Stored items from a collection

····················

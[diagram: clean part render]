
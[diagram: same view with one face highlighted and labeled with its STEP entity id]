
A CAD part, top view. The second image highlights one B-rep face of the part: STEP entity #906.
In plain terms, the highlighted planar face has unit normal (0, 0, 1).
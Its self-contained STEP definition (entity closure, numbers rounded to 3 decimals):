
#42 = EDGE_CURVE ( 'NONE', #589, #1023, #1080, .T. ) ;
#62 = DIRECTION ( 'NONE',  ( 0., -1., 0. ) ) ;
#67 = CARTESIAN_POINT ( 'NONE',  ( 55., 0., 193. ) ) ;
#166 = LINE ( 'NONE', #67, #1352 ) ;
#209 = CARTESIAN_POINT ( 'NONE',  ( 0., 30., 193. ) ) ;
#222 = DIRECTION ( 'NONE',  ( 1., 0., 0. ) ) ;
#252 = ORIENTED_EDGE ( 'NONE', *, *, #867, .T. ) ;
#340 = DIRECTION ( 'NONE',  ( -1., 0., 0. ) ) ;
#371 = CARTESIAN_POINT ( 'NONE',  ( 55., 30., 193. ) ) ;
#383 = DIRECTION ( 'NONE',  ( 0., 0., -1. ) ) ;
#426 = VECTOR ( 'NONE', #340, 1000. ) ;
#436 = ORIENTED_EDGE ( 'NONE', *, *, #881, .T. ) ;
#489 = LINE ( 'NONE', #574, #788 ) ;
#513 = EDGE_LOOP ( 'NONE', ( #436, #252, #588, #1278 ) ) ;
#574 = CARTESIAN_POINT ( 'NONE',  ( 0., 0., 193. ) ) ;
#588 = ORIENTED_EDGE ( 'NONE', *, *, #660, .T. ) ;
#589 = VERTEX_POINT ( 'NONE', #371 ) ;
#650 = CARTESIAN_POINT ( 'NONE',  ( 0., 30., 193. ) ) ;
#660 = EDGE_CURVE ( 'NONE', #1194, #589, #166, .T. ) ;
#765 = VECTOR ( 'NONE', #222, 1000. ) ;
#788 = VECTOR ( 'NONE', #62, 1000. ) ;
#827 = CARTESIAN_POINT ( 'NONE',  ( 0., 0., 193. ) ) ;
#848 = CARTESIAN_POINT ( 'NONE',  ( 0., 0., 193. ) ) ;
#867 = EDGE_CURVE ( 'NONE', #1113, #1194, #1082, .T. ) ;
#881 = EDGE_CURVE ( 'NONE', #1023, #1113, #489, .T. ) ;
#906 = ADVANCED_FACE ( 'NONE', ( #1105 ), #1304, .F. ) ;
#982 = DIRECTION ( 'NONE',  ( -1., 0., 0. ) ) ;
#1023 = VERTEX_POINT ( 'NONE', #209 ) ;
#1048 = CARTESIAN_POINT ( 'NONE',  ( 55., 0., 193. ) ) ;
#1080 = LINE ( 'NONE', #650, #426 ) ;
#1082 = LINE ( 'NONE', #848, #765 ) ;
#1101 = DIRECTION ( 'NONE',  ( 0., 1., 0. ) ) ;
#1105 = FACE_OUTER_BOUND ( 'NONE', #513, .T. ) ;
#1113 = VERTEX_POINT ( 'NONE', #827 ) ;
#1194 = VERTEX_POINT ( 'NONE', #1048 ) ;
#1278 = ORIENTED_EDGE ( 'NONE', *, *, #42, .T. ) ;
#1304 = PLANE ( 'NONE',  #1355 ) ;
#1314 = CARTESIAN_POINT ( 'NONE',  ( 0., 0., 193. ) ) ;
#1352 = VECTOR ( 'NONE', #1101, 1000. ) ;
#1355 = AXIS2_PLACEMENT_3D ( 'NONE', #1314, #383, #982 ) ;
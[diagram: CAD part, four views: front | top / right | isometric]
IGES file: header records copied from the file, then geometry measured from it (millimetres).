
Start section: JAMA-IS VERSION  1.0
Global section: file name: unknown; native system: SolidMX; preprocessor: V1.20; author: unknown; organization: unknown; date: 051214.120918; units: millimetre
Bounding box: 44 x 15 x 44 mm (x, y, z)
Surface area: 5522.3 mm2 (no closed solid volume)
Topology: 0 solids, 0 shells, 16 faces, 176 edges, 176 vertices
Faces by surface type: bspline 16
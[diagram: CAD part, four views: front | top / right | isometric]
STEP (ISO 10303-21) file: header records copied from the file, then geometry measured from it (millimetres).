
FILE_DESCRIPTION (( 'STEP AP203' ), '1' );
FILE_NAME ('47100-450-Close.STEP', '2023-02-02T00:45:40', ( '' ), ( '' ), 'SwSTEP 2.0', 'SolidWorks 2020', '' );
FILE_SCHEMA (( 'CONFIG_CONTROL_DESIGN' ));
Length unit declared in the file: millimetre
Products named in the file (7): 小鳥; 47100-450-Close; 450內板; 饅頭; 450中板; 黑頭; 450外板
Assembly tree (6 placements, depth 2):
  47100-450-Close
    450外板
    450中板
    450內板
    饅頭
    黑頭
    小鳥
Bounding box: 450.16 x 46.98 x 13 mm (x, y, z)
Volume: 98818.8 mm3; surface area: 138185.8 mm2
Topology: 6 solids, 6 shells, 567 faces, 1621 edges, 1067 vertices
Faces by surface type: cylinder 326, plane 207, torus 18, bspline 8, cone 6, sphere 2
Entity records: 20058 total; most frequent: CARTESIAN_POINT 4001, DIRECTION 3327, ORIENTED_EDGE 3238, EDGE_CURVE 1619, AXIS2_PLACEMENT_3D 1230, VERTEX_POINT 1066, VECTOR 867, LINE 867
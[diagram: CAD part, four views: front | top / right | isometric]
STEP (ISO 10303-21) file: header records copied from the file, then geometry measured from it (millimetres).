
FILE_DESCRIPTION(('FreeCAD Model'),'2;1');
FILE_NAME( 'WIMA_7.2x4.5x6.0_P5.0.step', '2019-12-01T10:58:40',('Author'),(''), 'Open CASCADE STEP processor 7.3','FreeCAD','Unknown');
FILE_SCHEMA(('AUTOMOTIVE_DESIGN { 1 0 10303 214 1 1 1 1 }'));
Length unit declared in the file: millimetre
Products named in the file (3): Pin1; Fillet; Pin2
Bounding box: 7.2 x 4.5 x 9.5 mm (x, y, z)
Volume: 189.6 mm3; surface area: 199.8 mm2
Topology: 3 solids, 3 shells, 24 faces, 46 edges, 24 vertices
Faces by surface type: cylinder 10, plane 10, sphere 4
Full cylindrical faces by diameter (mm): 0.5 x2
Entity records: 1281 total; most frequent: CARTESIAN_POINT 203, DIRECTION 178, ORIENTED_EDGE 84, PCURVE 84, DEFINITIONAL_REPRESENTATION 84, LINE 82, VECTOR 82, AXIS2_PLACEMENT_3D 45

····················

What the task requires
Look above for the line holding "#881 = EDGE_CURVE", then set down exactly that line and every line after it up to and including the line holding "#1082 = LINE ( 'NONE', #848, #765 ) ;", with nothing else.

Exercise output
#881 = EDGE_CURVE ( 'NONE', #1023, #1113, #489, .T. ) ;
#906 = ADVANCED_FACE ( 'NONE', ( #1105 ), #1304, .F. ) ;
#982 = DIRECTION ( 'NONE',  ( -1., 0., 0. ) ) ;
#1023 = VERTEX_POINT ( 'NONE', #209 ) ;
#1048 = CARTESIAN_POINT ( 'NONE',  ( 55., 0., 193. ) ) ;
#1080 = LINE ( 'NONE', #650, #426 ) ;
#1082 = LINE ( 'NONE', #848, #765 ) ;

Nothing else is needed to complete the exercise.